Transcription, pictures excluded: write out the data below exactly.

Collected data
_____

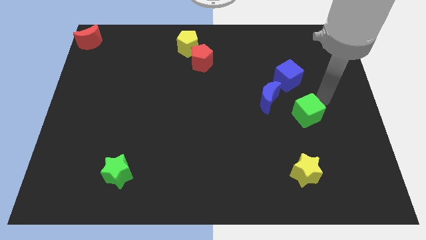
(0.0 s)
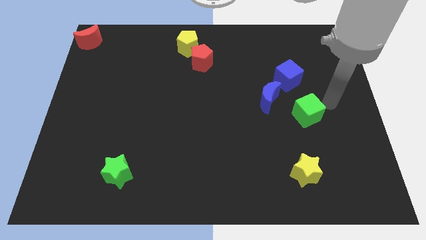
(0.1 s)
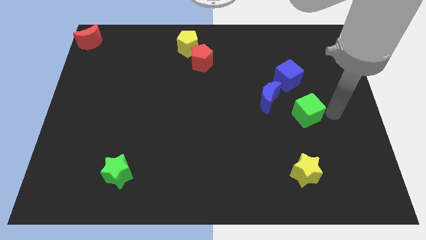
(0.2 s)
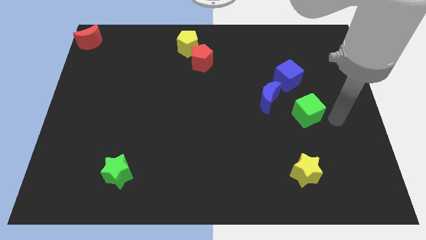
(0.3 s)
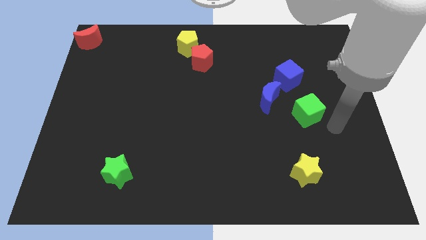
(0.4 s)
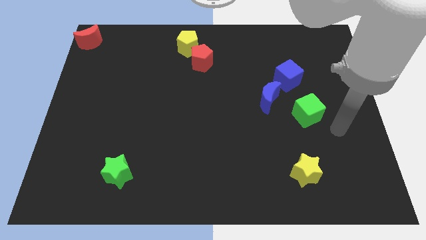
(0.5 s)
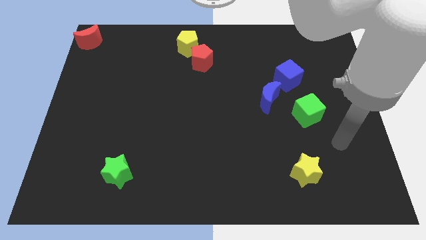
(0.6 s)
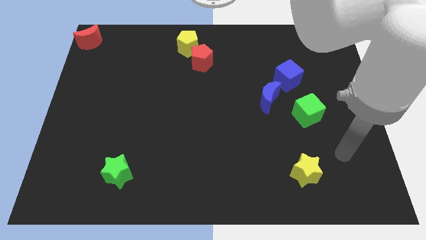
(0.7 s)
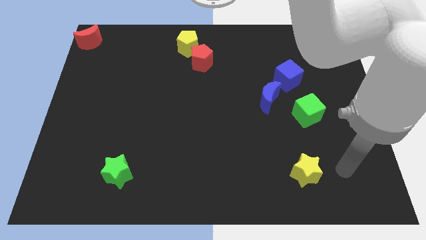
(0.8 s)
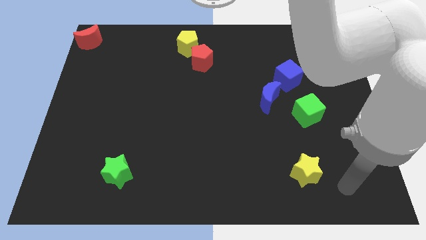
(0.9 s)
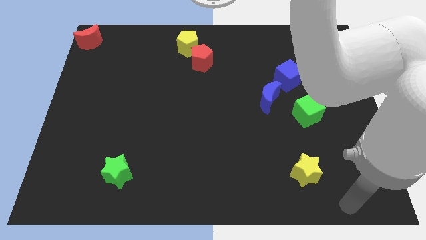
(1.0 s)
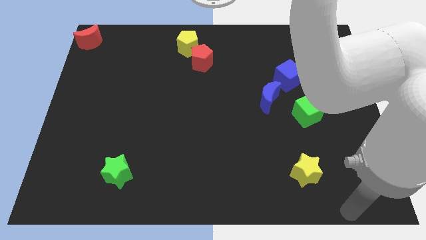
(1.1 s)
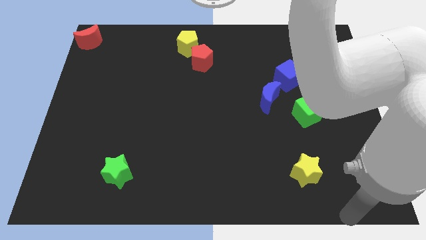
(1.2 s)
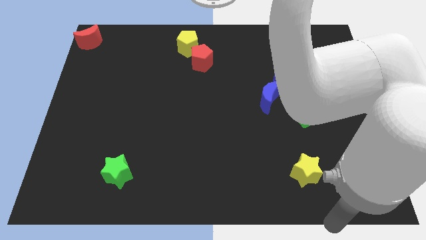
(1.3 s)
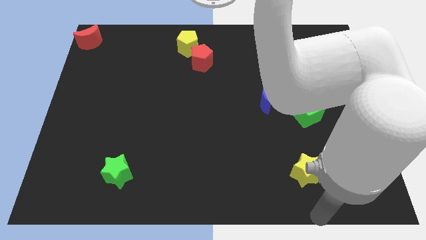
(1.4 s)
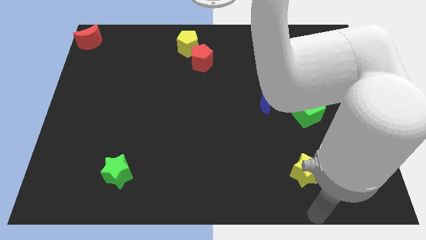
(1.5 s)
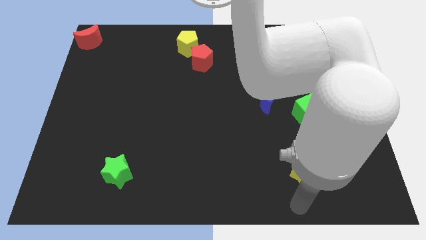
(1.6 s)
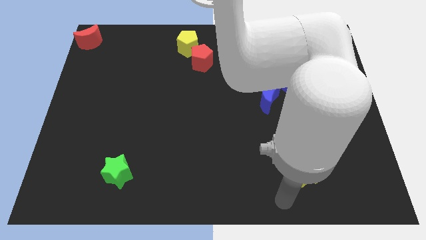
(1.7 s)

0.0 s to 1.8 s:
point the arm below the yellow star

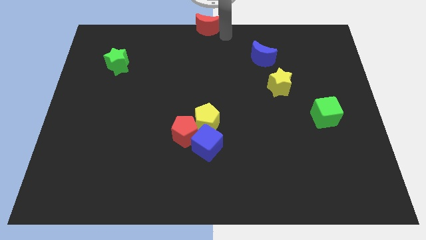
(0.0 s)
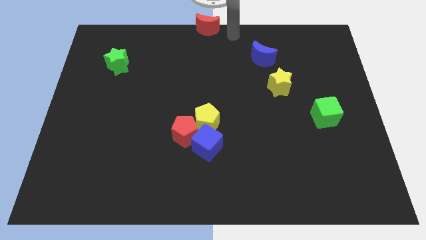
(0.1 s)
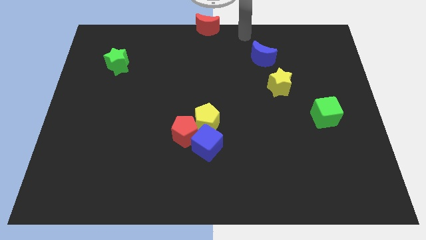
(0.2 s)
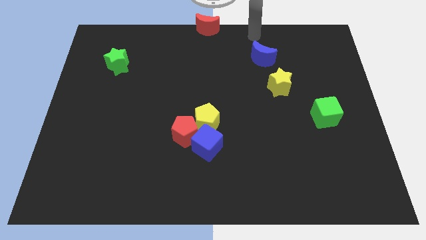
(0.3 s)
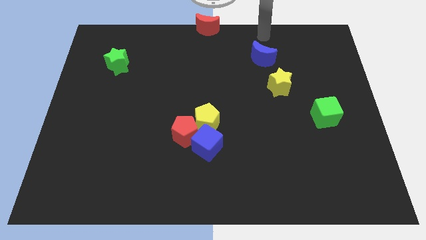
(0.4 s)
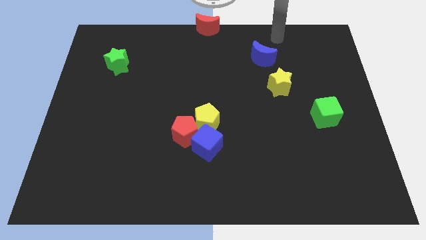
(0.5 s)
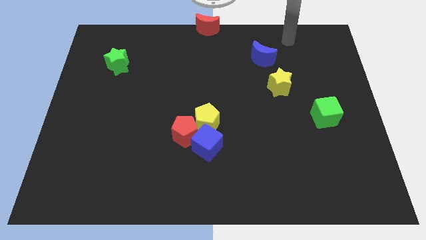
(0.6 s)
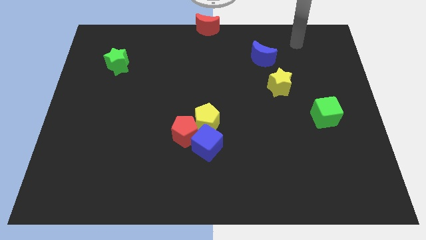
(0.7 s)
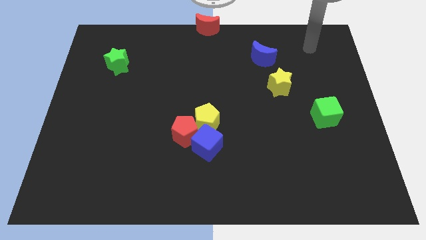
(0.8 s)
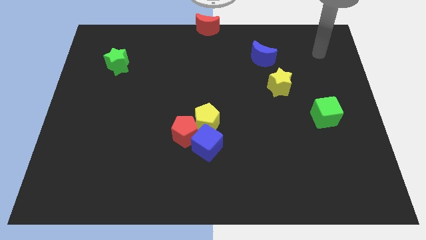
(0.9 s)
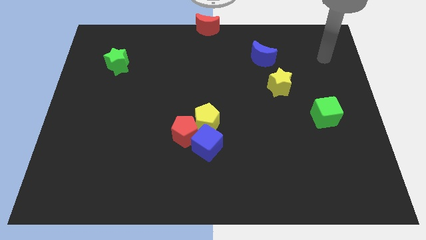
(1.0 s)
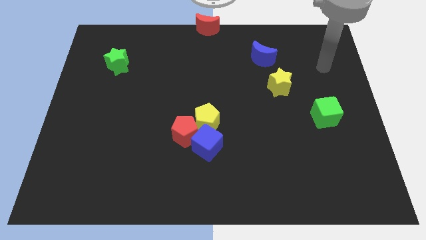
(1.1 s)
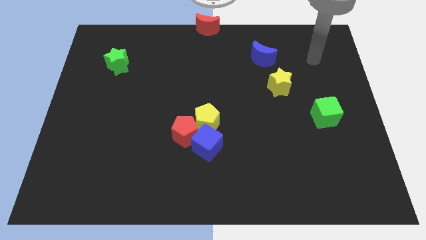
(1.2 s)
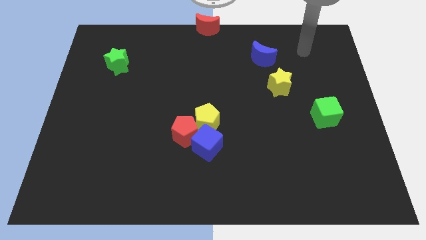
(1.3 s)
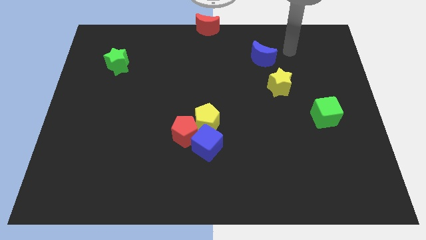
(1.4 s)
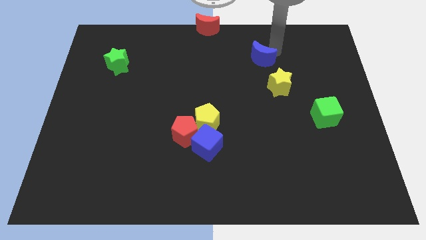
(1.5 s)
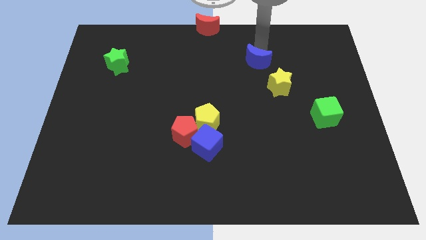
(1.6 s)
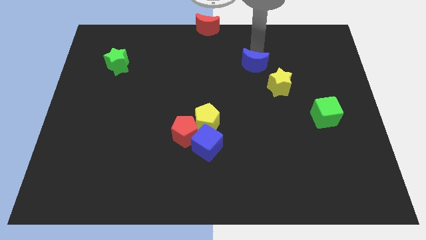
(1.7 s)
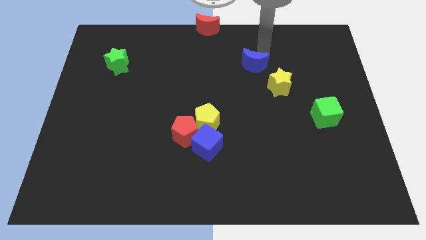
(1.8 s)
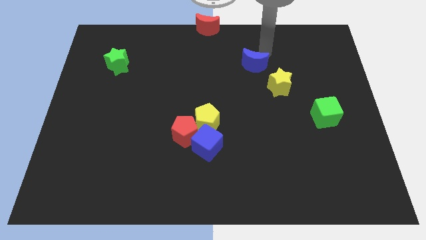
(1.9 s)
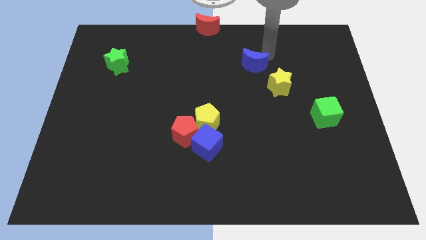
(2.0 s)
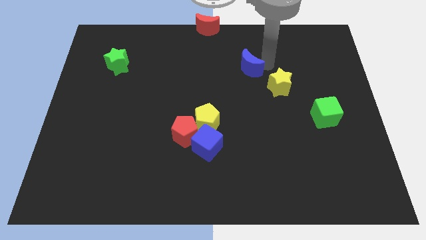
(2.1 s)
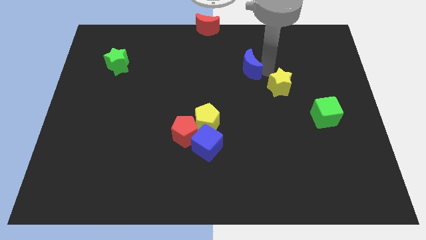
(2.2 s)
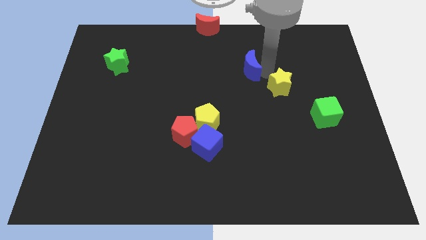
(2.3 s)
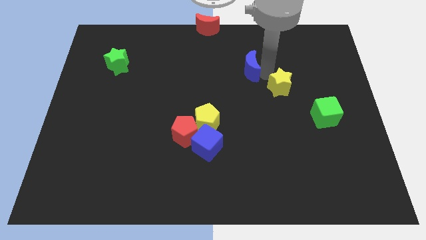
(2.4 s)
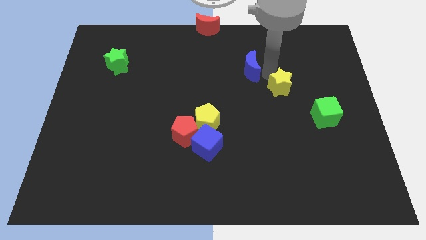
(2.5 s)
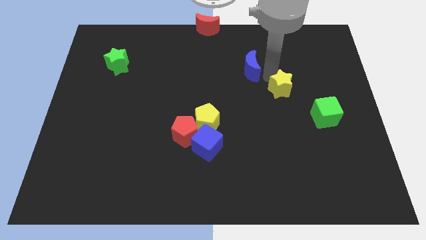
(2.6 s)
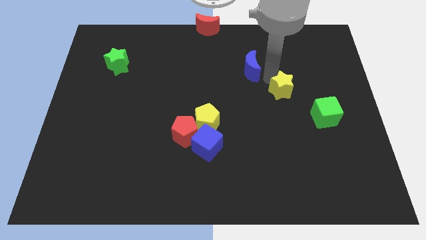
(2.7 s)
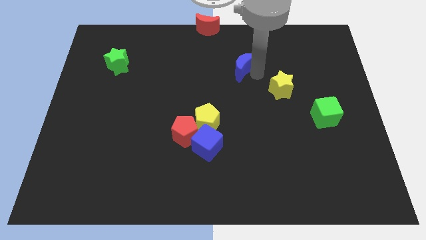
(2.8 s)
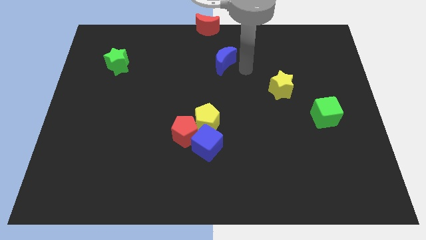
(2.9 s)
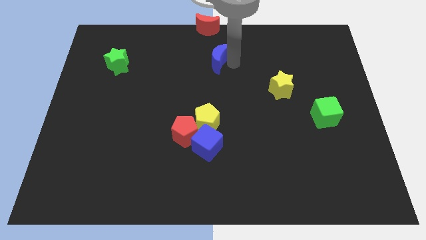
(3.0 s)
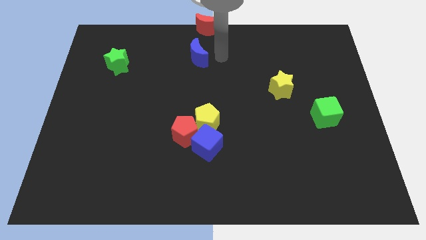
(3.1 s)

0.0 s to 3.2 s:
move blue crescent below the red crescent

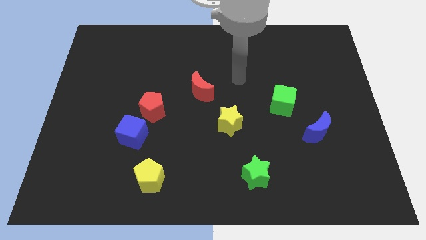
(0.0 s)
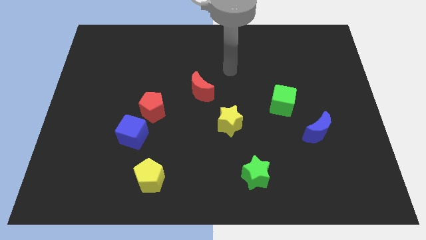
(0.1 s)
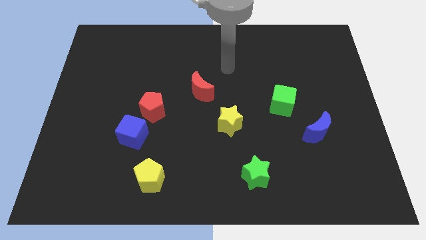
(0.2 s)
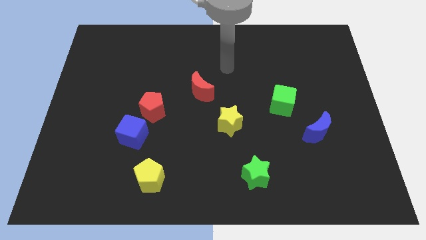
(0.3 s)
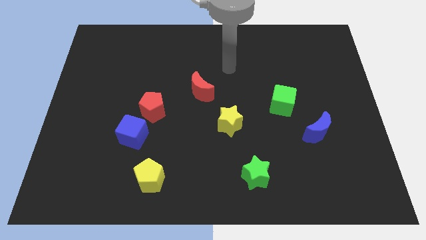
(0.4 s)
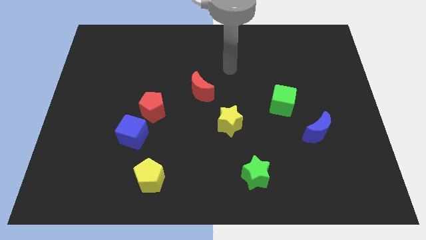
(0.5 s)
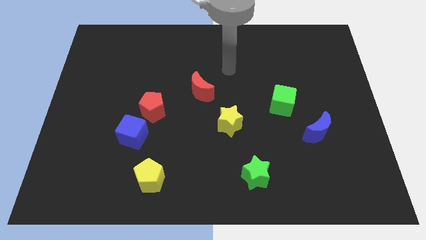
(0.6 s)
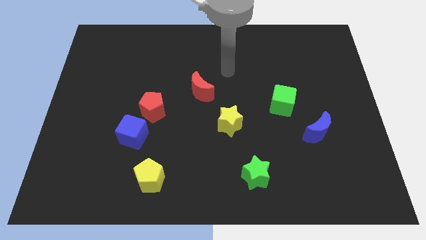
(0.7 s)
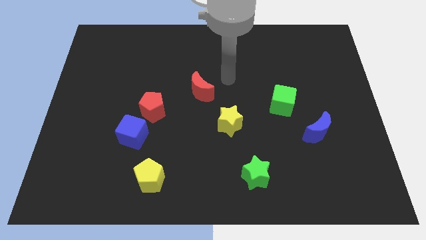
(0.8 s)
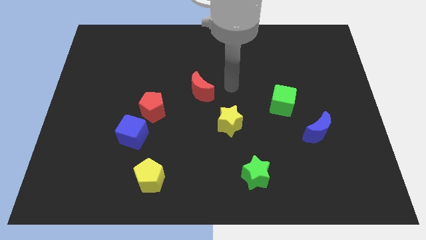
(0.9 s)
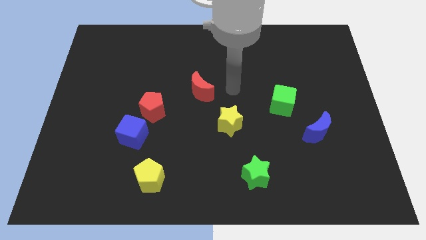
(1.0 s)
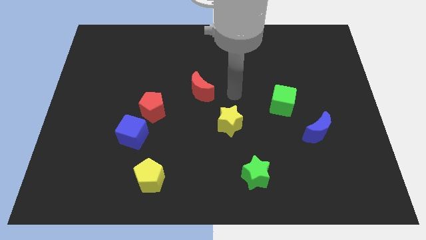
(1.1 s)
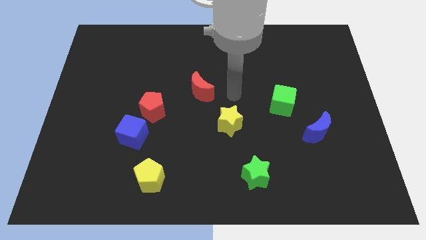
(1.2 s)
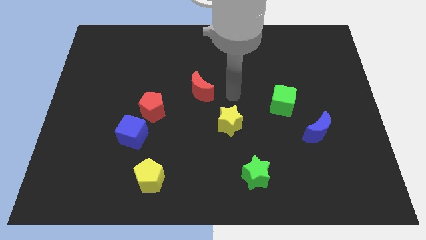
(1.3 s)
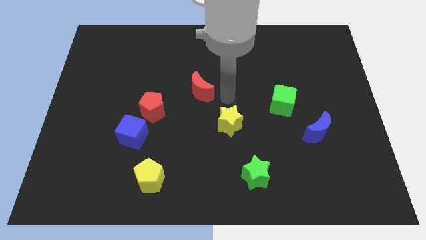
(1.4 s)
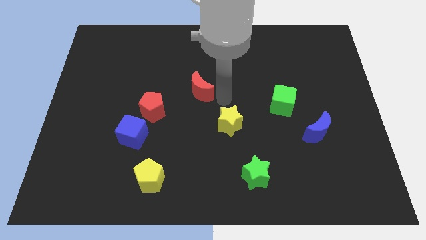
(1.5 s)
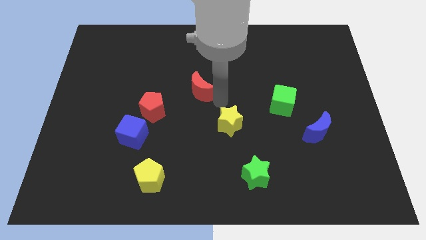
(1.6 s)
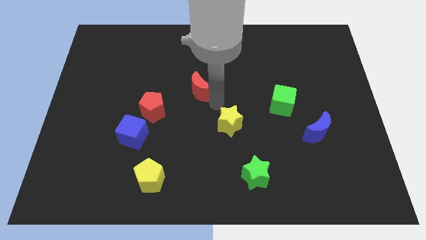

_____

Written reply
(0.0 s)
(0.1 s)
(0.2 s)
(0.3 s)
(0.4 s)
(0.5 s)
(0.6 s)
(0.7 s)
(0.8 s)
(0.9 s)
(1.0 s)
(1.1 s)
(1.2 s)
(1.3 s)
(1.4 s)
(1.5 s)
(1.6 s)
(1.7 s)

0.0 s to 1.8 s:
point the arm below the yellow star

(0.0 s)
(0.1 s)
(0.2 s)
(0.3 s)
(0.4 s)
(0.5 s)
(0.6 s)
(0.7 s)
(0.8 s)
(0.9 s)
(1.0 s)
(1.1 s)
(1.2 s)
(1.3 s)
(1.4 s)
(1.5 s)
(1.6 s)
(1.7 s)
(1.8 s)
(1.9 s)
(2.0 s)
(2.1 s)
(2.2 s)
(2.3 s)
(2.4 s)
(2.5 s)
(2.6 s)
(2.7 s)
(2.8 s)
(2.9 s)
(3.0 s)
(3.1 s)

0.0 s to 3.2 s:
move blue crescent below the red crescent

(0.0 s)
(0.1 s)
(0.2 s)
(0.3 s)
(0.4 s)
(0.5 s)
(0.6 s)
(0.7 s)
(0.8 s)
(0.9 s)
(1.0 s)
(1.1 s)
(1.2 s)
(1.3 s)
(1.4 s)
(1.5 s)
(1.6 s)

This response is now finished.